Simulations Using Machine Learning Models Predict New Phase for Solid Hydrogen

Hydrogen, the most abundant element in the universe, is found everywhere, from the dust that occupies most of space, to the cores of stars, to much of the matter on Earth. This is reason enough to study hydrogen, but its individual atoms are also the simplest element with only one proton and one electron. For David Ceperley, professor of physics at the University of Illinois at Urbana and his School of Champaign, this makes hydrogen a natural starting point for formulating and testing the theory of matter.

Ceperley, who is also a member of the Illinois Center for Quantum Information Science and Technology, uses computer simulations to show how hydrogen atoms interact and bond to form different phases of matter, including solids, liquids, and gases. is researching However, a true understanding of these phenomena requires quantum mechanics, and quantum mechanical simulations are costly. To simplify the task, Ceperley and his collaborators developed a machine learning technique that can perform quantum mechanical simulations on unprecedented numbers of atoms.they reported physical review letter Their method discovered a new kind of high-pressure solid-state hydrogen that past theories and experiments had missed.

“Machine learning has taught us a lot,” said Ceperley. “Previous simulations showed signs of new behavior, but they were unreliable because they were only able to accommodate a small number of atoms. We used machine learning models to maximize the most accurate methods and I was able to see if it was happening, it really was.”

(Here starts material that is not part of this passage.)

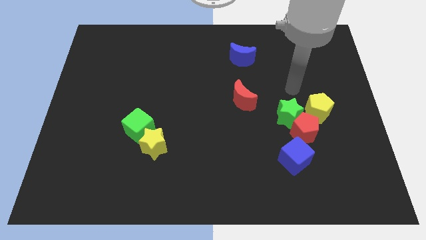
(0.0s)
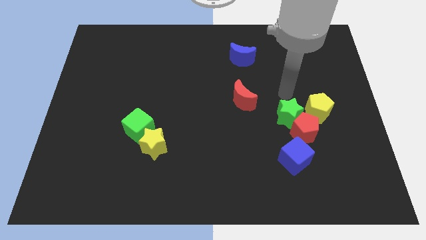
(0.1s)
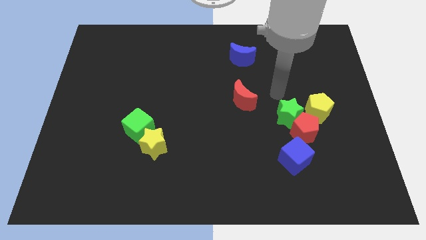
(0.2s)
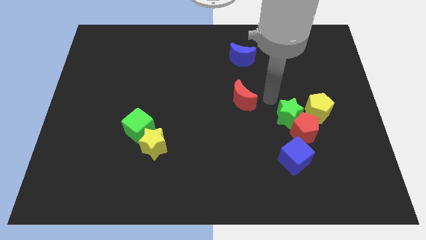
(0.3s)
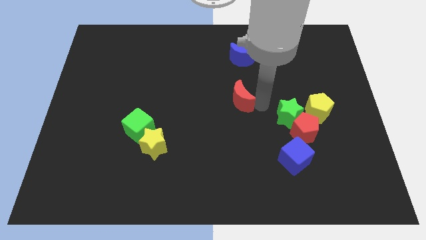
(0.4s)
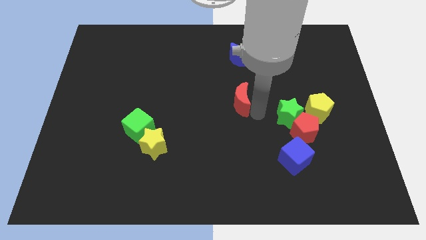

Hydrogen atoms form a quantum mechanical system, but it is very difficult even for computers to fully capture their quantum behavior. State-of-the-art techniques such as Quantum Monte Carlo (QMC) can adequately simulate hundreds of atoms, but understanding large-scale phase behavior requires simulating thousands of atoms over long periods of time. there is.

To make QMC more versatile, two former graduate students, Hongwei Niu and Yubo Yang, developed machine learning models trained on QMC simulations that can accommodate more atoms than QMC itself. He then used this model with postdoctoral fellow Scott Jensen to study how a solid phase of hydrogen that forms at very high pressures melts.

When the three people changed the temperature and pressure and grasped the whole picture, they noticed that there was something wrong with the solid phase. Molecules in solid hydrogen are usually nearly spherical, forming a configuration called hexagonal close-packing (Ceperley compared it to stacked oranges), but the researchers observed stages in which the molecules became elliptical. Did. Ceperley described them as egg-like.

“We started with the unambitious goal of improving the theory of what we know,” Jensen recalls. It was interesting: this new behavior appeared, and in fact it was the dominant behavior at high temperature and pressure, and the old theory had no hint.”

To validate the results, the researchers used data from density functional theory to train a machine learning model. Density Functional Theory is a widely used technique that is not as accurate as QMC but can accommodate a larger number of atoms. They found that a simplified machine learning model perfectly reproduced the results of the Standard Model. The researchers concluded that his large-scale QMC simulations powered by machine learning can explain effects and make predictions that standard methods cannot.

This work started a conversation between Ceperley’s collaborators and several experimentalists. Experimental results are limited because high-pressure measurements of hydrogen are difficult to perform. The new predictions have prompted several groups to revisit the issue and investigate more carefully the behavior of hydrogen under extreme conditions.

Ceperley said understanding hydrogen at high temperatures and pressures will help us better understand the gas planets Jupiter and Saturn, which are mostly made of hydrogen. Jensen added that the “simplicity” of hydrogen makes the material important to study. “We want to understand everything, so we should start with systems that we can attack,” he said. “Hydrogen is simple, so it’s worth knowing that you can deal with it.”